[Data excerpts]
■ ■ ■ ■ ■

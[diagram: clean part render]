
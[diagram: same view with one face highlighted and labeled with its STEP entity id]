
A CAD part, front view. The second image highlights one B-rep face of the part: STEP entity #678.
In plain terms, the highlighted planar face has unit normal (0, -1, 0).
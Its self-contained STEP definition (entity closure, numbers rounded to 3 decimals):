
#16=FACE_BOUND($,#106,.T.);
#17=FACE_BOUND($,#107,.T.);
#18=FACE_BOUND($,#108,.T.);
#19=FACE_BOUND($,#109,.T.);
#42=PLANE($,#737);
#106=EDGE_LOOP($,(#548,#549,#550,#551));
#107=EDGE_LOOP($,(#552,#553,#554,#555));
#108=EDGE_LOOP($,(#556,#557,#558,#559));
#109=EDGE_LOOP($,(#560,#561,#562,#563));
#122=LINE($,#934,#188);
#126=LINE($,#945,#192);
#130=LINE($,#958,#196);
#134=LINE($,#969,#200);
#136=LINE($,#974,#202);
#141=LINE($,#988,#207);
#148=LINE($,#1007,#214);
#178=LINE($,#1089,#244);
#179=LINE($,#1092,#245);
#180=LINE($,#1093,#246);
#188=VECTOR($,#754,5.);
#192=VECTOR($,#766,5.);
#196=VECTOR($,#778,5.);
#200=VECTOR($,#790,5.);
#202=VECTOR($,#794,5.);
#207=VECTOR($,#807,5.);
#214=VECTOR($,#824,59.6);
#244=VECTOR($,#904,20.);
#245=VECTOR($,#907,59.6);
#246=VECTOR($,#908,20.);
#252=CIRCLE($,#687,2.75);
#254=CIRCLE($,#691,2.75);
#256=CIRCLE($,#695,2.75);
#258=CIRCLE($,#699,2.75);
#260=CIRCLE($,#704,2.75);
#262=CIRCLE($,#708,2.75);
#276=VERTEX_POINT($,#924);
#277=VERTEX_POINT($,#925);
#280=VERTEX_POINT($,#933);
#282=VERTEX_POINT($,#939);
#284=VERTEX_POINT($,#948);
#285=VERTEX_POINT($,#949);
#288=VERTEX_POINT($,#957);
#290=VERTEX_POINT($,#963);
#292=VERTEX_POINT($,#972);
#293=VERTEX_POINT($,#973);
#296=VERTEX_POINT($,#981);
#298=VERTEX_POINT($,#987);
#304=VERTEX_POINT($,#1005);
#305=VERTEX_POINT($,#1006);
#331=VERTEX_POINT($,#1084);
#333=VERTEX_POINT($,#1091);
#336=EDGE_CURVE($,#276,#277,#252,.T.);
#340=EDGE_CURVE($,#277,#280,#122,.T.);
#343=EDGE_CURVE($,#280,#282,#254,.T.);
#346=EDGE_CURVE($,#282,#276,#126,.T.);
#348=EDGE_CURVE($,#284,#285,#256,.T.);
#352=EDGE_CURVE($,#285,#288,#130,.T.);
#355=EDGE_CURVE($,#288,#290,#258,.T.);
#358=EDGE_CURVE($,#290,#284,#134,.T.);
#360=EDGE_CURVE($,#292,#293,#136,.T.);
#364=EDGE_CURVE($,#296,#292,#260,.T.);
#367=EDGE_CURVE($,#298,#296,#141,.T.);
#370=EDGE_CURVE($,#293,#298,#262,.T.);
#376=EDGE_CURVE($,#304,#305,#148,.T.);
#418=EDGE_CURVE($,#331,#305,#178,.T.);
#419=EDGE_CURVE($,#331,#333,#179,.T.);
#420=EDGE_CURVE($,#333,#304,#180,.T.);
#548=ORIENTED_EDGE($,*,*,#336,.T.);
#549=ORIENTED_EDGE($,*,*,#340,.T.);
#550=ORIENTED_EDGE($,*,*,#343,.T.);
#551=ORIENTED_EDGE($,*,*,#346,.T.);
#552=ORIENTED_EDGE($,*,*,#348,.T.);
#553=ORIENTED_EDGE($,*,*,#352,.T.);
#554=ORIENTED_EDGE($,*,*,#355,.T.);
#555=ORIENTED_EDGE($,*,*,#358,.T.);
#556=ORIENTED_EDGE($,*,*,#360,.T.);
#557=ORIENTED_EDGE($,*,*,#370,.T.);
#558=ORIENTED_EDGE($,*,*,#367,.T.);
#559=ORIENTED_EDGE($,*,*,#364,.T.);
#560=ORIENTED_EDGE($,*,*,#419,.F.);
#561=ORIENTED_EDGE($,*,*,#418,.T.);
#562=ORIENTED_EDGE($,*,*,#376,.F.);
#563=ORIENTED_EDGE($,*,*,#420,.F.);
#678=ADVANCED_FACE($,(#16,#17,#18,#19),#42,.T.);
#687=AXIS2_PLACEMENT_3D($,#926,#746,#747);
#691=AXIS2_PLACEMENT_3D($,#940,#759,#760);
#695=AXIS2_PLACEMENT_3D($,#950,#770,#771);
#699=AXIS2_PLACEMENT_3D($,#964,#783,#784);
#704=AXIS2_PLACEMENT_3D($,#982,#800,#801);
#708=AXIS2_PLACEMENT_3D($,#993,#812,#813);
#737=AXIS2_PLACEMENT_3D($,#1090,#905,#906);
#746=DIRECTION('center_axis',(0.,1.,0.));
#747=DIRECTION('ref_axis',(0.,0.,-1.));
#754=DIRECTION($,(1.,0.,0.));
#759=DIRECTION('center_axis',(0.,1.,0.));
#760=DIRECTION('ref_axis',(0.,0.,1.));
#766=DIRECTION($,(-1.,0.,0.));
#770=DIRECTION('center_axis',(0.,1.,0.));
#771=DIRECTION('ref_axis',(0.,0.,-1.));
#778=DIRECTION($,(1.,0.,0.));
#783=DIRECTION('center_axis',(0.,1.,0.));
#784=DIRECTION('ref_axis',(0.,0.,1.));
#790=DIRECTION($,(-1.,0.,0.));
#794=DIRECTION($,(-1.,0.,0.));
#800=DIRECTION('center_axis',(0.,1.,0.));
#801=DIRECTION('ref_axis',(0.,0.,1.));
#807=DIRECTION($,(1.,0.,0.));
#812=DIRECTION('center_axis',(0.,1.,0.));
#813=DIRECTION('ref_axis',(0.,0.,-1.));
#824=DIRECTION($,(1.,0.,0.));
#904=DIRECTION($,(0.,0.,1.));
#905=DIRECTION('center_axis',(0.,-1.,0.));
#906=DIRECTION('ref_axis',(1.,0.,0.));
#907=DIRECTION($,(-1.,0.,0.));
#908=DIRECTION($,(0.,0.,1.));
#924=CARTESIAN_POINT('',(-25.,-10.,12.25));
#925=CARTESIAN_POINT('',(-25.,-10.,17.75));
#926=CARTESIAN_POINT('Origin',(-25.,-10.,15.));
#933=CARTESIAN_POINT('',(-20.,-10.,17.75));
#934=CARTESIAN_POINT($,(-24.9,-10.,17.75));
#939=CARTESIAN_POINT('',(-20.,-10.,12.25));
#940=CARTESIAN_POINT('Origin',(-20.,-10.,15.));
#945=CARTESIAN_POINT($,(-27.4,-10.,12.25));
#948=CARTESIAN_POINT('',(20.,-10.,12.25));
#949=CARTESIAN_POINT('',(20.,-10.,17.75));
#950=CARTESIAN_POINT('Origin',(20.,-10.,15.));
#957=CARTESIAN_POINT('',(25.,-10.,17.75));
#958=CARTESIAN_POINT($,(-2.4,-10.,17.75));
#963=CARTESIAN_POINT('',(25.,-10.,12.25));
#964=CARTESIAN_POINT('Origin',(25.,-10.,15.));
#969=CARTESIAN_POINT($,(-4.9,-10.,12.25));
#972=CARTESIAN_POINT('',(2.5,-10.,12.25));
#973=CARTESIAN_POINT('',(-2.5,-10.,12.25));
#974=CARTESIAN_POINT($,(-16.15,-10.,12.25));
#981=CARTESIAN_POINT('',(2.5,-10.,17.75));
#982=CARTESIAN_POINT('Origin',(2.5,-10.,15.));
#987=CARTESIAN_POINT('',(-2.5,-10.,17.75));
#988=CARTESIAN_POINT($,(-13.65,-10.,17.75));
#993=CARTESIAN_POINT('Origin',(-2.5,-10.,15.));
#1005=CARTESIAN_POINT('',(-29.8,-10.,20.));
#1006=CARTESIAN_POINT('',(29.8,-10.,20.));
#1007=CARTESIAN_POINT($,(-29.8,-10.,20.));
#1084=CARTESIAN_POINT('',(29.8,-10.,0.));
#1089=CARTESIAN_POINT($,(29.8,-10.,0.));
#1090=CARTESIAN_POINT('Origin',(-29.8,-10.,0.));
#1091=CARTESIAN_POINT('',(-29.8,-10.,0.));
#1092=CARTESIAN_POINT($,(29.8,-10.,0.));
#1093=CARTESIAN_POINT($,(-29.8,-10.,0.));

■ ■ ■ ■ ■

### Problem to work on
Begin with the first line of the records and finish with the line containing "#179=LINE($,#1092,#245);". Reproduce those lines exactly, both ends included, and nothing else.

### Task response
[diagram: clean part render]
[diagram: same view with one face highlighted and labeled with its STEP entity id]
A CAD part, front view. The second image highlights one B-rep face of the part: STEP entity #678.
In plain terms, the highlighted planar face has unit normal (0, -1, 0).
Its self-contained STEP definition (entity closure, numbers rounded to 3 decimals):
#16=FACE_BOUND($,#106,.T.);
#17=FACE_BOUND($,#107,.T.);
#18=FACE_BOUND($,#108,.T.);
#19=FACE_BOUND($,#109,.T.);
#42=PLANE($,#737);
#106=EDGE_LOOP($,(#548,#549,#550,#551));
#107=EDGE_LOOP($,(#552,#553,#554,#555));
#108=EDGE_LOOP($,(#556,#557,#558,#559));
#109=EDGE_LOOP($,(#560,#561,#562,#563));
#122=LINE($,#934,#188);
#126=LINE($,#945,#192);
#130=LINE($,#958,#196);
#134=LINE($,#969,#200);
#136=LINE($,#974,#202);
#141=LINE($,#988,#207);
#148=LINE($,#1007,#214);
#178=LINE($,#1089,#244);
#179=LINE($,#1092,#245);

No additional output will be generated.